## [Activity]
Find the line containing "FILE_DESCRIPTION(/* description */" in the entries below. Restate it and each line after it, word for word, up to and including the line containing "Faces by surface".

## [Extracted information]
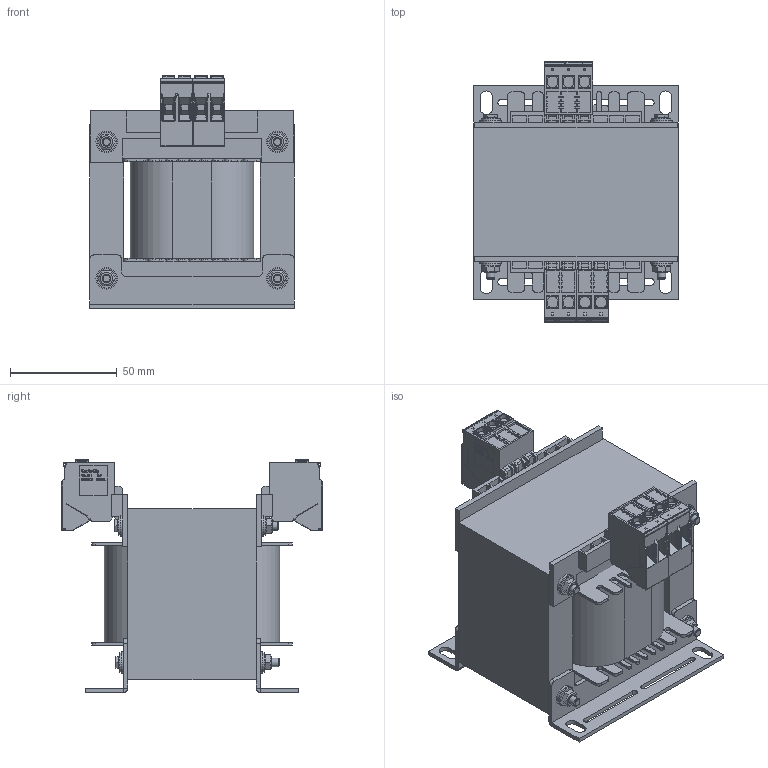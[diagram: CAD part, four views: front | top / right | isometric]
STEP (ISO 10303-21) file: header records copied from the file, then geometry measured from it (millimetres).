
FILE_DESCRIPTION(/* description */ (''),/* implementation_level */ '2;1');
FILE_NAME(/* name */ 'TF041253200.stp',/* time_stamp */ '2022-10-18T11:13:57+02:00',/* author */ ('velazquez'),/* organization */ (''),/* preprocessor_version */ 'ST-DEVELOPER v19.2',/* originating_system */ 'Autodesk Inventor 2023',/* authorisation */ '');
FILE_SCHEMA (('AUTOMOTIVE_DESIGN { 1 0 10303 214 3 1 1 }'));
Products named in the file (11): TF041253200; EI96 x 80 - 60 (RC32); AF32DIN; EI 96 X 80 - 60; EI96; centrador M4; Tornillo m4 x 75; DIN 934 - M4; DIN 125 - A 4,3; 1227_TKS_4_3_F NARANJA; 1226_TKS_4_2_F
Assembly tree (33 placements, depth 2):
  TF041253200
    EI96 x 80 - 60 (RC32)
    AF32DIN  x2
    EI 96 X 80 - 60
    EI96  x2
    centrador M4  x8
    Tornillo m4 x 75  x4
    DIN 934 - M4  x4
    DIN 125 - A 4,3  x8
    1227_TKS_4_3_F NARANJA
    1226_TKS_4_2_F  x2
Bounding box: 96 x 121.9 x 109 mm (x, y, z)
Volume: 542541.3 mm3; surface area: 139548.8 mm2
Topology: 33 solids, 33 shells, 5986 faces, 16651 edges, 10830 vertices
Faces by surface type: plane 4782, cylinder 833, bspline 179, torus 136, cone 48, sphere 8
Full cylindrical faces by diameter (mm): 3.242 x4, 4 x20, 4.3 x8, 4.9 x8, 5.49 x4, 5.5 x4, 5.8 x4, 9 x8, 10 x8
Entity records: 138743 total; most frequent: CARTESIAN_POINT 28562, ORIENTED_EDGE 22854, DIRECTION 20662, EDGE_CURVE 11427, LINE 9856, VECTOR 9856, VERTEX_POINT 7438, AXIS2_PLACEMENT_3D 5403

## [Output for this task]
FILE_DESCRIPTION(/* description */ (''),/* implementation_level */ '2;1');
FILE_NAME(/* name */ 'TF041253200.stp',/* time_stamp */ '2022-10-18T11:13:57+02:00',/* author */ ('velazquez'),/* organization */ (''),/* preprocessor_version */ 'ST-DEVELOPER v19.2',/* originating_system */ 'Autodesk Inventor 2023',/* authorisation */ '');
FILE_SCHEMA (('AUTOMOTIVE_DESIGN { 1 0 10303 214 3 1 1 }'));
Products named in the file (11): TF041253200; EI96 x 80 - 60 (RC32); AF32DIN; EI 96 X 80 - 60; EI96; centrador M4; Tornillo m4 x 75; DIN 934 - M4; DIN 125 - A 4,3; 1227_TKS_4_3_F NARANJA; 1226_TKS_4_2_F
Assembly tree (33 placements, depth 2):
  TF041253200
    EI96 x 80 - 60 (RC32)
    AF32DIN  x2
    EI 96 X 80 - 60
    EI96  x2
    centrador M4  x8
    Tornillo m4 x 75  x4
    DIN 934 - M4  x4
    DIN 125 - A 4,3  x8
    1227_TKS_4_3_F NARANJA
    1226_TKS_4_2_F  x2
Bounding box: 96 x 121.9 x 109 mm (x, y, z)
Volume: 542541.3 mm3; surface area: 139548.8 mm2
Topology: 33 solids, 33 shells, 5986 faces, 16651 edges, 10830 vertices
Faces by surface type: plane 4782, cylinder 833, bspline 179, torus 136, cone 48, sphere 8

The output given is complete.